A #1 was over 10 years ago. BW and I were not married and had only been dating for a few months and we were not living together. I went out with a woman who was my best friend, although I have to acknowledge that I had a huge crush on her for years, wanted to be with her, but she had a husband. We got really drunk at a bar and made out in the parking lot of my apartment complex. That night was the last night I ever spent at the apartment alone. I went to her place the next day and we have literally been under the same roof since then. Nothing ever happened again and we are 100% NC and have been for 9.5 years.
A #2 happened within a couple months of BW and I getting married. I met AP at work and felt really drawn to her. What started as an EA turned into a PA. While it never progressed to the point of orgasm, it was certainly a PA. It lasted for about two months. BW confronted me and I adamantly denied it. Her confronting me was a turning point and total wake up call. I quickly came out of the fog and realized that I had some serious changes to make within myself. I did some really shitty things during this time and my actions were horrible. I lied to my wife and lied to AP, telling her that I was going to leave and actually went as far as to tell her I was looking for apartments. It was not true. I am also 100% NC with this woman and have been for 8 years.
About a year after ending #2, I was ready to tell my wife the truth. We were getting to the point of having kids and I really needed to be honest with her. However, it never happened because she was diagnosed with cancer right before I planned to tell her. It was over a year of two surgeries, chemotherapy, radiation, and everything else. By the time the health crisis ended, it had been 2.5 post-A and we were in a much different place together. There was a deeper commitment to each other and level of oneness that the cancer instilled in me. The thought of losing her to cancer was so eye-opening and the real threat of losing her scared the shit out of me.
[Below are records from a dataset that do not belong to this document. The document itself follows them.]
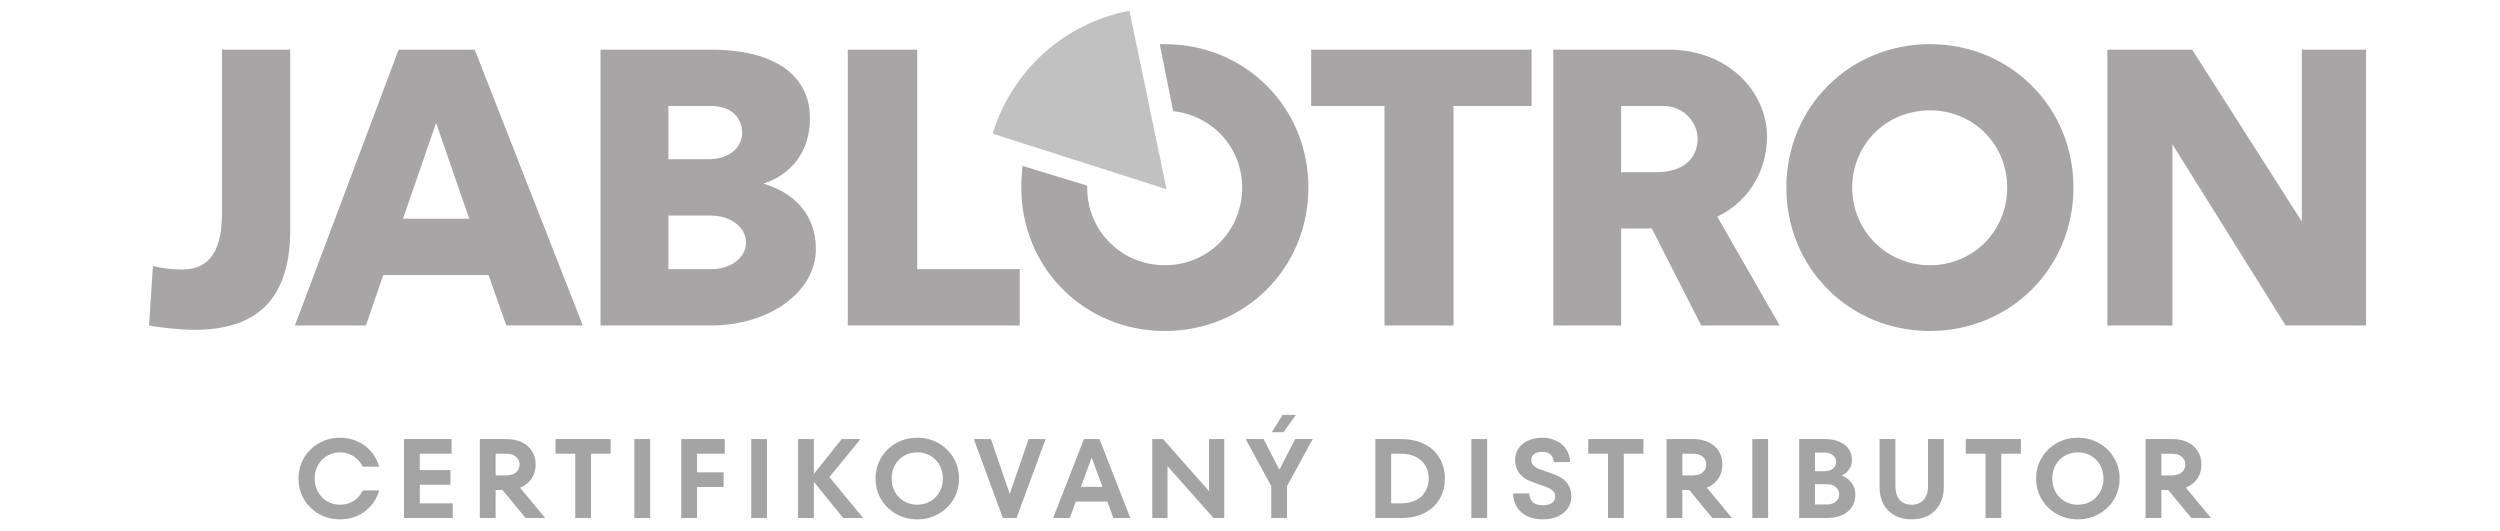 <svg width="226" height="48" viewBox="0 0 226 48" fill="none" xmlns="http://www.w3.org/2000/svg">
<path opacity="0.8" d="M30.73 46.95C30.057 46.95 29.435 46.794 28.864 46.481C28.293 46.162 27.837 45.723 27.497 45.166C27.158 44.602 26.988 43.966 26.988 43.259C26.988 42.552 27.158 41.92 27.497 41.362C27.837 40.798 28.293 40.36 28.864 40.047C29.435 39.728 30.057 39.568 30.73 39.568C31.287 39.568 31.804 39.673 32.28 39.884C32.763 40.095 33.177 40.397 33.524 40.791C33.871 41.186 34.122 41.651 34.279 42.188H32.79C32.606 41.794 32.331 41.481 31.964 41.25C31.604 41.012 31.192 40.894 30.73 40.894C30.308 40.894 29.921 40.999 29.567 41.21C29.221 41.413 28.945 41.696 28.742 42.056C28.544 42.416 28.446 42.817 28.446 43.259C28.446 43.701 28.544 44.102 28.742 44.462C28.945 44.823 29.221 45.108 29.567 45.319C29.921 45.523 30.308 45.625 30.73 45.625C31.206 45.625 31.624 45.509 31.984 45.278C32.344 45.04 32.613 44.724 32.79 44.33H34.279C34.041 45.139 33.602 45.778 32.963 46.247C32.324 46.716 31.58 46.95 30.73 46.95ZM37.949 43.82V45.502H40.926V46.828H36.521V39.69H40.824V41.016H37.949V42.494H40.722V43.82H37.949ZM47.516 46.828L45.426 44.299H44.804V46.828H43.376V39.69H45.762C46.313 39.69 46.789 39.789 47.19 39.986C47.591 40.183 47.897 40.455 48.108 40.802C48.318 41.148 48.424 41.546 48.424 41.995C48.424 42.477 48.301 42.902 48.057 43.269C47.812 43.63 47.465 43.902 47.017 44.085L49.291 46.828H47.516ZM44.804 41.016V42.974H45.752C46.14 42.974 46.439 42.882 46.65 42.698C46.86 42.515 46.966 42.28 46.966 41.995C46.966 41.709 46.86 41.475 46.65 41.291C46.439 41.108 46.14 41.016 45.752 41.016H44.804ZM53.428 46.828H52V41.016H50.216V39.69H55.202V41.016H53.428V46.828ZM58.774 46.828H57.346V39.69H58.774V46.828ZM65.517 39.69V41.016H63.009V42.698H65.416V44.024H63.009V46.828H61.581V39.69H65.517ZM69.338 46.828H67.91V39.69H69.338V46.828ZM74.98 43.127L78.029 46.828H76.224L73.573 43.555V46.828H72.145V39.69H73.573V42.841L76.101 39.69H77.794L74.98 43.127ZM82.923 46.95C82.236 46.95 81.604 46.791 81.026 46.471C80.455 46.152 80 45.713 79.66 45.156C79.32 44.592 79.15 43.959 79.15 43.259C79.15 42.559 79.32 41.93 79.66 41.373C80 40.809 80.455 40.367 81.026 40.047C81.604 39.728 82.236 39.568 82.923 39.568C83.609 39.568 84.238 39.728 84.809 40.047C85.387 40.367 85.846 40.809 86.186 41.373C86.526 41.93 86.696 42.559 86.696 43.259C86.696 43.959 86.526 44.592 86.186 45.156C85.846 45.713 85.387 46.152 84.809 46.471C84.238 46.791 83.609 46.95 82.923 46.95ZM82.923 45.625C83.358 45.625 83.752 45.523 84.106 45.319C84.459 45.115 84.734 44.833 84.931 44.473C85.135 44.112 85.237 43.708 85.237 43.259C85.237 42.81 85.135 42.406 84.931 42.046C84.734 41.685 84.459 41.403 84.106 41.199C83.752 40.995 83.358 40.894 82.923 40.894C82.488 40.894 82.093 40.995 81.74 41.199C81.386 41.403 81.108 41.685 80.904 42.046C80.707 42.406 80.608 42.81 80.608 43.259C80.608 43.708 80.707 44.112 80.904 44.473C81.108 44.833 81.386 45.115 81.74 45.319C82.093 45.523 82.488 45.625 82.923 45.625ZM91.282 44.646L92.985 39.69H94.525L91.894 46.828H90.66L88.029 39.69H89.579L91.282 44.646ZM102.177 46.828H100.647L100.107 45.339H97.251L96.711 46.828H95.202L97.986 39.69H99.393L102.177 46.828ZM99.668 44.014L98.689 41.373L97.71 44.014H99.668ZM109.295 44.391V39.69H110.672V46.828H109.703L105.543 42.138V46.828H104.166V39.69H105.135L109.295 44.391ZM115.654 42.464L117.082 39.69H118.672L116.347 43.942V46.828H114.92V43.942L112.605 39.69H114.227L115.654 42.464ZM116.031 39.068H114.971L115.95 37.508H117.153L116.031 39.068ZM124.333 46.828V39.69H126.648C127.45 39.69 128.15 39.84 128.748 40.139C129.346 40.431 129.805 40.849 130.125 41.393C130.451 41.93 130.614 42.552 130.614 43.259C130.614 43.966 130.451 44.592 130.125 45.135C129.805 45.672 129.346 46.09 128.748 46.39C128.15 46.682 127.45 46.828 126.648 46.828H124.333ZM126.637 45.502C127.154 45.502 127.603 45.411 127.983 45.227C128.364 45.037 128.653 44.772 128.85 44.432C129.054 44.092 129.156 43.701 129.156 43.259C129.156 42.817 129.054 42.426 128.85 42.087C128.653 41.747 128.364 41.485 127.983 41.301C127.603 41.111 127.154 41.016 126.637 41.016H125.761V45.502H126.637ZM134.439 46.828H133.012V39.69H134.439V46.828ZM139.48 46.95C138.949 46.95 138.48 46.855 138.072 46.665C137.671 46.475 137.359 46.203 137.134 45.849C136.91 45.496 136.794 45.081 136.788 44.605H138.246C138.259 44.945 138.368 45.21 138.572 45.401C138.783 45.584 139.079 45.676 139.459 45.676C139.826 45.676 140.105 45.605 140.295 45.462C140.493 45.319 140.591 45.125 140.591 44.88C140.591 44.683 140.53 44.524 140.408 44.401C140.285 44.272 140.132 44.17 139.949 44.095C139.772 44.014 139.517 43.919 139.184 43.81C138.715 43.654 138.334 43.504 138.042 43.361C137.75 43.212 137.498 42.991 137.287 42.698C137.077 42.406 136.971 42.022 136.971 41.546C136.971 41.172 137.073 40.836 137.277 40.537C137.488 40.231 137.78 39.993 138.154 39.823C138.535 39.653 138.963 39.568 139.439 39.568C139.874 39.568 140.278 39.656 140.652 39.833C141.033 40.003 141.339 40.254 141.57 40.588C141.801 40.921 141.92 41.315 141.927 41.77H140.469C140.455 41.498 140.36 41.278 140.183 41.108C140.013 40.931 139.758 40.843 139.418 40.843C139.113 40.843 138.871 40.91 138.694 41.046C138.518 41.176 138.429 41.352 138.429 41.577C138.429 41.767 138.487 41.927 138.603 42.056C138.725 42.185 138.878 42.291 139.062 42.372C139.252 42.447 139.507 42.535 139.826 42.637C140.295 42.794 140.676 42.947 140.968 43.096C141.268 43.239 141.522 43.46 141.733 43.759C141.944 44.051 142.049 44.439 142.049 44.921C142.049 45.295 141.944 45.639 141.733 45.951C141.522 46.257 141.223 46.502 140.836 46.685C140.448 46.862 139.996 46.95 139.48 46.95ZM146.79 46.828H145.363V41.016H143.578V39.69H148.565V41.016H146.79V46.828ZM154.798 46.828L152.708 44.299H152.086V46.828H150.658V39.69H153.044C153.595 39.69 154.071 39.789 154.472 39.986C154.873 40.183 155.179 40.455 155.389 40.802C155.6 41.148 155.705 41.546 155.705 41.995C155.705 42.477 155.583 42.902 155.338 43.269C155.094 43.63 154.747 43.902 154.298 44.085L156.572 46.828H154.798ZM152.086 41.016V42.974H153.034C153.421 42.974 153.72 42.882 153.931 42.698C154.142 42.515 154.247 42.28 154.247 41.995C154.247 41.709 154.142 41.475 153.931 41.291C153.72 41.108 153.421 41.016 153.034 41.016H152.086ZM159.838 46.828H158.41V39.69H159.838V46.828ZM166.49 43.004C166.87 43.14 167.17 43.358 167.387 43.657C167.611 43.956 167.724 44.309 167.724 44.717C167.724 45.35 167.496 45.859 167.04 46.247C166.592 46.634 165.939 46.828 165.083 46.828H162.645V39.69H164.919C165.701 39.69 166.313 39.864 166.755 40.21C167.197 40.55 167.418 41.012 167.418 41.597C167.418 41.903 167.329 42.182 167.153 42.433C166.983 42.685 166.762 42.875 166.49 43.004ZM164.073 40.914V42.596H164.909C165.249 42.596 165.511 42.518 165.694 42.362C165.885 42.206 165.98 42.002 165.98 41.75C165.98 41.505 165.885 41.305 165.694 41.148C165.511 40.992 165.249 40.914 164.909 40.914H164.073ZM165.113 45.605C165.48 45.605 165.762 45.516 165.959 45.339C166.163 45.163 166.265 44.945 166.265 44.687C166.265 44.422 166.163 44.204 165.959 44.034C165.762 43.857 165.48 43.769 165.113 43.769H164.073V45.605H165.113ZM172.812 46.95C172.228 46.95 171.714 46.831 171.273 46.594C170.838 46.349 170.501 46.009 170.263 45.574C170.032 45.132 169.916 44.629 169.916 44.065V39.69H171.344V43.983C171.344 44.473 171.47 44.87 171.721 45.176C171.98 45.475 172.343 45.625 172.812 45.625C173.288 45.625 173.652 45.475 173.903 45.176C174.162 44.87 174.291 44.473 174.291 43.983V39.69H175.718V44.065C175.718 44.629 175.6 45.132 175.362 45.574C175.124 46.009 174.784 46.349 174.342 46.594C173.907 46.831 173.397 46.95 172.812 46.95ZM180.916 46.828H179.489V41.016H177.704V39.69H182.691V41.016H180.916V46.828ZM187.84 46.95C187.154 46.95 186.522 46.791 185.944 46.471C185.373 46.152 184.917 45.713 184.577 45.156C184.237 44.592 184.068 43.959 184.068 43.259C184.068 42.559 184.237 41.93 184.577 41.373C184.917 40.809 185.373 40.367 185.944 40.047C186.522 39.728 187.154 39.568 187.84 39.568C188.527 39.568 189.156 39.728 189.727 40.047C190.305 40.367 190.764 40.809 191.103 41.373C191.443 41.93 191.613 42.559 191.613 43.259C191.613 43.959 191.443 44.592 191.103 45.156C190.764 45.713 190.305 46.152 189.727 46.471C189.156 46.791 188.527 46.95 187.84 46.95ZM187.84 45.625C188.276 45.625 188.67 45.523 189.023 45.319C189.377 45.115 189.652 44.833 189.849 44.473C190.053 44.112 190.155 43.708 190.155 43.259C190.155 42.81 190.053 42.406 189.849 42.046C189.652 41.685 189.377 41.403 189.023 41.199C188.67 40.995 188.276 40.894 187.84 40.894C187.405 40.894 187.011 40.995 186.658 41.199C186.304 41.403 186.025 41.685 185.821 42.046C185.624 42.406 185.526 42.81 185.526 43.259C185.526 43.708 185.624 44.112 185.821 44.473C186.025 44.833 186.304 45.115 186.658 45.319C187.011 45.523 187.405 45.625 187.84 45.625ZM198.099 46.828L196.009 44.299H195.387V46.828H193.959V39.69H196.346C196.896 39.69 197.372 39.789 197.773 39.986C198.174 40.183 198.48 40.455 198.691 40.802C198.902 41.148 199.007 41.546 199.007 41.995C199.007 42.477 198.885 42.902 198.64 43.269C198.395 43.63 198.048 43.902 197.6 44.085L199.874 46.828H198.099ZM195.387 41.016V42.974H196.335C196.723 42.974 197.022 42.882 197.233 42.698C197.443 42.515 197.549 42.28 197.549 41.995C197.549 41.709 197.443 41.475 197.233 41.291C197.022 41.108 196.723 41.016 196.335 41.016H195.387Z" fill="#8D8D8D"/>
<g opacity="0.4">
<path d="M208.081 4.489V20.02L198.17 4.489H190.505V29.423H196.386V13.039L206.62 29.423H213.892V4.489H208.081ZM167.44 16.957C167.44 13.039 170.542 9.976 174.464 9.976C178.385 9.976 181.451 13.039 181.451 16.957C181.451 20.875 178.385 23.975 174.464 23.975C170.542 23.975 167.44 20.875 167.44 16.957ZM161.487 16.957C161.487 24.223 167.191 29.922 174.464 29.922C181.737 29.922 187.441 24.223 187.441 16.957C187.441 9.69 181.737 3.991 174.464 3.991C167.191 3.991 161.487 9.69 161.487 16.957ZM150.365 9.582C152.289 9.582 153.465 11.151 153.465 12.54C153.465 13.93 152.611 15.567 149.686 15.567H146.55V9.582H150.365ZM153.787 29.423H160.88L155.247 19.593C158.528 17.99 159.741 14.891 159.741 12.362C159.741 8.408 156.353 4.489 150.828 4.489H140.418V29.423H146.55V20.662H149.33L153.787 29.423ZM118.528 4.489V9.582H125.16V29.423H131.399V9.582H138.458V4.489H118.528ZM104.84 3.991H105.304C112.575 3.991 118.28 9.69 118.28 16.957C118.28 24.223 112.575 29.922 105.304 29.922C98.031 29.922 92.326 24.223 92.326 16.957C92.326 16.28 92.363 15.639 92.433 14.998L98.281 16.779V16.957C98.281 20.875 101.381 23.975 105.304 23.975C109.225 23.975 112.291 20.875 112.291 16.957C112.291 13.324 109.581 10.439 106.053 10.046L104.84 3.991ZM82.916 24.331V4.489H76.64V29.423H92.184V24.331H82.916ZM64.27 9.582C66.125 9.582 67.086 10.652 67.086 12.005C67.086 13.358 65.911 14.392 64.056 14.392H60.422V9.582H64.27ZM64.27 19.487C66.053 19.487 67.443 20.555 67.443 21.909C67.443 23.262 66.125 24.331 64.27 24.331H60.422V19.487H64.27ZM54.288 29.423H64.27C69.547 29.423 73.754 26.397 73.754 22.514C73.754 19.308 71.686 17.384 69.013 16.6C71.543 15.781 73.219 13.715 73.219 10.688C73.219 6.876 70.118 4.489 64.27 4.489H54.288V29.423ZM39.424 11.115L42.419 19.771H36.429L39.424 11.115ZM42.916 4.489H36.037L26.661 29.423H33.078L34.647 24.864H44.165L45.77 29.423H52.684L42.916 4.489ZM13.471 29.423C14.54 29.638 16.465 29.816 17.606 29.816C23.88 29.816 26.233 26.325 26.233 20.804V4.489H20.066V19.308C20.066 23.369 18.389 24.366 16.43 24.366C15.609 24.366 14.647 24.26 13.827 24.045L13.471 29.423Z" fill="#231F20"/>
<path d="M105.454 17.105L102.103 0.97C96.15 2.109 91.479 6.419 89.732 12.082L105.454 17.105Z" fill="#636363"/>
</g>
</svg>

Fast track to today. Life is so different. We have bought a house together, have two children (ages 2 and 5), and I am pregnant again. BW has often stated that if I ever cheat, she better never find out because she would not be able to forgive. She has clearly stated she does not want to know. In her heart, I really believe she knows. She's the smartest person I know and I honestly, genuinely think she knows about #2.
We have complete transparency in our marriage. She has every password, access to my phone, and everything. I do not hide anything from her (other than the 2 As) because there is nothing to hide.
Anyway, all of this is coming up because I suggested a family member come here. I started reading and it seems that everything says disclosure is paramount.
Are there times that disclosure is not for the best? I am absolutely committed to our M and we have kids now. it's a totally different game.
[This message edited by yearsago at 4:12 PM, January 1st (Wednesday)]
circe ( member #6687) posted at 11:02 PM on Wednesday, January 1st, 2014
Hi there, and welcome.
First let me say that I've never read a compelling case for dishonesty. I can completely understand why you didn't tell your wife when she'd been diagnosed with cancer. I know I would have made exactly the same choice with my husband. We can only handle so much emotionally at once. However...
BW has often stated that if I ever cheat, she better never find out because she would not be able to forgive. She has clearly stated she does not want to know. In her heart, I really believe she knows. She's the smartest person I know and I honestly, genuinely think she knows about #2.
We have complete transparency in our marriage. She has every password, access to my phone, and everything. I do not hide anything from her (other than the 2 As) because there is nothing to hide.
I bet you were relieved when you heard her say that! It gives you a good reason to keep the secret from her, while feeling like you're doing a kind and altruistic act for her at the same time.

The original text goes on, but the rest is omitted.